Антиквар Шахрийяр Бехешти, седоусый, в шерстяной кофте, приветлив.
— Люблю Джавада, — говорит он. — Он — настоящий друг. Раз я тяжело заболел, так он каждый день навещал меня в больнице, носил суп, рис, кебабы… Никогда этого не забуду. Но вот какая штука — я бы доверил Джаваду жизнь, но не одолжил бы и доллара!
— Понимаю, о чем вы, — смеется Фарназ.
— Может случиться, Амин-ханом, что вы так и не увидите свои десять тысяч.
— Знаю, знаю. И уж поверьте, это будет не в первый раз… Какая красота! Можно я у вас похожу?
— Конечно!
Она оглядывает лавку: пузатый ситар, прислоненный к круглому металлическому лику средневекового щита, килимы по стенам, на них отпечатлелись следы прежних владельцев, уже умерших и похороненных. Она рассматривает французский фарфор, индийские шелковые подушки. В одном углу стоят серебряные столики с чеканными изображениями Кира и Дария, в другом, под стеклом — драгоценности Ахеменидов: золотая подвеска в форме льва, браслет с грифонами — реликвии давних времен, за которые люди, точно гордые, но обнищавшие наследники усопшего правителя, цепляются из последних сил.

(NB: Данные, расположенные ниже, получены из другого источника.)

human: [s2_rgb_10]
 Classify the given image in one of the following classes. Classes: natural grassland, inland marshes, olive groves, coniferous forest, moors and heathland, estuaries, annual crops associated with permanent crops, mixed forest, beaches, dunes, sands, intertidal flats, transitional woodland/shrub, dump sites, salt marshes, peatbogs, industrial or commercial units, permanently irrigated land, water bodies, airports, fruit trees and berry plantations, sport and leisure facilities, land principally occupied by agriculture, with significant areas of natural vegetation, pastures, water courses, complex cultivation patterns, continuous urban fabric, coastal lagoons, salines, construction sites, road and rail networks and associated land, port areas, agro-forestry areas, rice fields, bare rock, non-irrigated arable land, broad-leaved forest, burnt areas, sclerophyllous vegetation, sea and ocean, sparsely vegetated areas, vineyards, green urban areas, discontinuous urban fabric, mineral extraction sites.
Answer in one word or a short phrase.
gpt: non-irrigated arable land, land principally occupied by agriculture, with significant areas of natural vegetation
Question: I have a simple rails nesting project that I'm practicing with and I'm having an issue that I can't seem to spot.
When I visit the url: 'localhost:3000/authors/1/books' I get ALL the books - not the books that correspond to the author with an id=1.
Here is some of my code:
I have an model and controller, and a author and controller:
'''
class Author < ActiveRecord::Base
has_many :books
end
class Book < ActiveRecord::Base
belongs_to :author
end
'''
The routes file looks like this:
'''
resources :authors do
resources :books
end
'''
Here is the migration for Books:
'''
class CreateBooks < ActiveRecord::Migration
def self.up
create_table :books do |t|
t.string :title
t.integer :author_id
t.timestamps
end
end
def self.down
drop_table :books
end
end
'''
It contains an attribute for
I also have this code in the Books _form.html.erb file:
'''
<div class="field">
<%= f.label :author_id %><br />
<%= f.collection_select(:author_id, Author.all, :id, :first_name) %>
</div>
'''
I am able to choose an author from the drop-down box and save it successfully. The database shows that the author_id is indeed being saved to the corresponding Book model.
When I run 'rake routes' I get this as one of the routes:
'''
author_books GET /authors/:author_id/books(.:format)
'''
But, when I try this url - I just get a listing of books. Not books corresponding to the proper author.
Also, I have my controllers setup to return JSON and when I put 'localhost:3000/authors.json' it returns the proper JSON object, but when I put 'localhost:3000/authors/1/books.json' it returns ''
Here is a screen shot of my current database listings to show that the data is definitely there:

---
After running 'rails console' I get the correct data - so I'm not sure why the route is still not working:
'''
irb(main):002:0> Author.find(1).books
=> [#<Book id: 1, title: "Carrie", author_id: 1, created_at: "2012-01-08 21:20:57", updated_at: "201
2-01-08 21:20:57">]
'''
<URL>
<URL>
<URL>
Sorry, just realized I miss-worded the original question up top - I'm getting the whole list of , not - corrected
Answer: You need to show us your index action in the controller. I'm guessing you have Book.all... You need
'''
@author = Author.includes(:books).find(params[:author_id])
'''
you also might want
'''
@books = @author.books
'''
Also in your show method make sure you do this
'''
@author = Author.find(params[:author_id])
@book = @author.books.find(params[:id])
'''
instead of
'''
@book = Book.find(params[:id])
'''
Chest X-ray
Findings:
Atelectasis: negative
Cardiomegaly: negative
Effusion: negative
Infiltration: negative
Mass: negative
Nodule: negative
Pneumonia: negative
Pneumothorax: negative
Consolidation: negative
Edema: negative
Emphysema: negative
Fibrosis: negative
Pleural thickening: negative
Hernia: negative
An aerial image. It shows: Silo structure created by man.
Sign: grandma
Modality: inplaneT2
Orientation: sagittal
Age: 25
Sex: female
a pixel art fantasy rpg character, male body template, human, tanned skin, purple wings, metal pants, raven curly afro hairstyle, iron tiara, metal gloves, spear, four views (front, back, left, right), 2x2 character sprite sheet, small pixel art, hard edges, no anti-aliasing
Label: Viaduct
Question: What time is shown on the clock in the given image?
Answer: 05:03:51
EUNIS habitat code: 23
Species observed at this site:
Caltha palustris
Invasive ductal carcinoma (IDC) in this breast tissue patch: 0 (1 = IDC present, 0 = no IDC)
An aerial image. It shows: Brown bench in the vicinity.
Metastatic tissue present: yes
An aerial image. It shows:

— Вот это богатства! — говорит она. — И все они на ночь остаются здесь? Как вы можете спать?
— А я и не сплю. Прихожу рано утром, ухожу поздно вечером, ночью молюсь, чтобы железные двери не подвели. Вот и получается, что я раб своих ценностей. К тому же я вечно опасаюсь, как бы в один прекрасный день власти не конфисковали все подчистую. И воспрепятствовать этому я не смогу.
— Потрясающий кувшин! Сколько ему лет? — Она показывает на кувшин в форме тыквы-горлянки, по горлышку которого змеятся стихи из Корана.
— Его датируют где-то между 1200 и 1215 годами — незадолго до монгольского нашествия.
Она рассматривает сапфировые полосы по белой керамике, трещины веков, паучьей сетью оплетающие ручку кувшина.
— У моего мужа есть монгольский меч с ручкой, инкрустированной золотыми листьями, один из любимых в его коллекции.
— Что слышно о вашем муже? Джавад сказал, что его посадили.
— Я до сих пор ничего не знаю.
— Иншалла — на все воля Аллаха, ваш муж выйдет из тюрьмы целым и невредимым.
— Иншалла. Кстати, я к вам по делу. Джавад сказал, что вы отложите для меня миниатюру — на случай, если придется подтвердить покупку. Раз к нам уже приходили с обыском. Не исключено, они следят за каждым моим шагом.
— Ох, Джавад, Джавад… Раздает мой антиквариат как халву! Подождите, сейчас принесу.